SOURCE RECORDS:
• • • • • • •
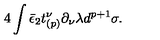
4 \int \bar { \epsilon } _ { 2 } t _ { ( p ) } ^ { \nu } \partial _ { \nu } \lambda d ^ { p + 1 } \sigma .
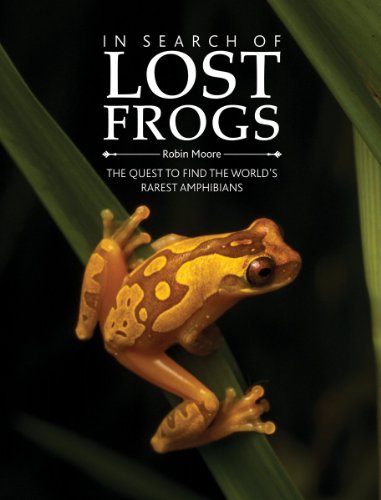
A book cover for In Search of Lost Frogs: The Quest to Find the World's Rarest Amphibians; Dr. Robin Moore; Science & Math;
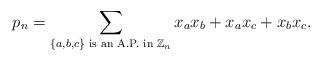
LaTeX: \begin{align*}p_n= \displaystyle\sum_{\{a,b,c\} \textrm{ is an A.P. in } \mathbb{Z}_n}x_ax_b+x_ax_c+x_bx_c.\end{align*}
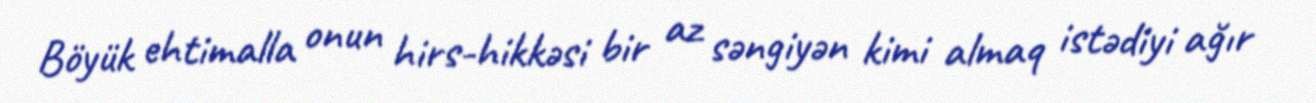
Böyük ehtimalla onun hirs-hikkəsi bir az səngiyən kimi almaq istədiyi ağır
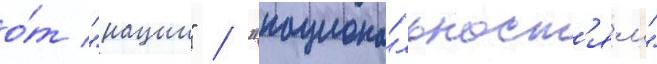
о́т "нации" / "национа́льност'ям"
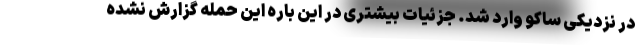
در نزدیکی ساکو وارد شد. جزئیات بیشتری در این باره این حمله گزارش نشده
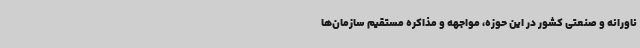
ناورانه و صنعتی کشور در این حوزه، مواجهه و مذاکره مستقیم سازمان‌ها
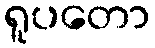
ရူပတော
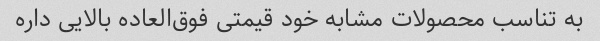
به تناسب محصولات مشابه خود قیمتی فوق‌العاده بالایی داره
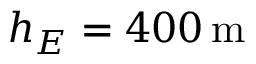
h _ { E } = 4 0 0 \, \mathrm { m }
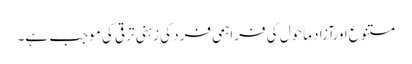
متنوع اورآزاد ماحول کی فراہمی فرد کی زہنی ترقی کی موجب ہے۔
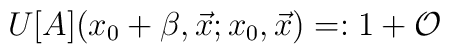
U[A](x_0+\beta,\vec x;x_0,\vec x) =: 1 + {\cal O}
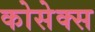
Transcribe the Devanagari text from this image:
कोसेक्स
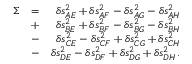
\begin{array} { r l r } { \Sigma } & { = } & { \delta s _ { A E } ^ { 2 } + \delta s _ { A F } ^ { 2 } - \delta s _ { A G } ^ { 2 } - \delta s _ { A H } ^ { 2 } } \\ & { + } & { \delta s _ { B E } ^ { 2 } + \delta s _ { B F } ^ { 2 } - \delta s _ { B G } ^ { 2 } - \delta s _ { B H } ^ { 2 } } \\ & { - } & { \delta s _ { C E } ^ { 2 } - \delta s _ { C F } ^ { 2 } + \delta s _ { C G } ^ { 2 } + \delta s _ { C H } ^ { 2 } } \\ & { - } & { \delta s _ { D E } ^ { 2 } - \delta s _ { D F } ^ { 2 } + \delta s _ { D G } ^ { 2 } + \delta s _ { D H } ^ { 2 } \, . } \end{array}
• • • • • • •
EXERCISE AIM:
Within the listing above, tally the lines where the word "begin" occurs and write only the total.

TASK RESPONSE:
2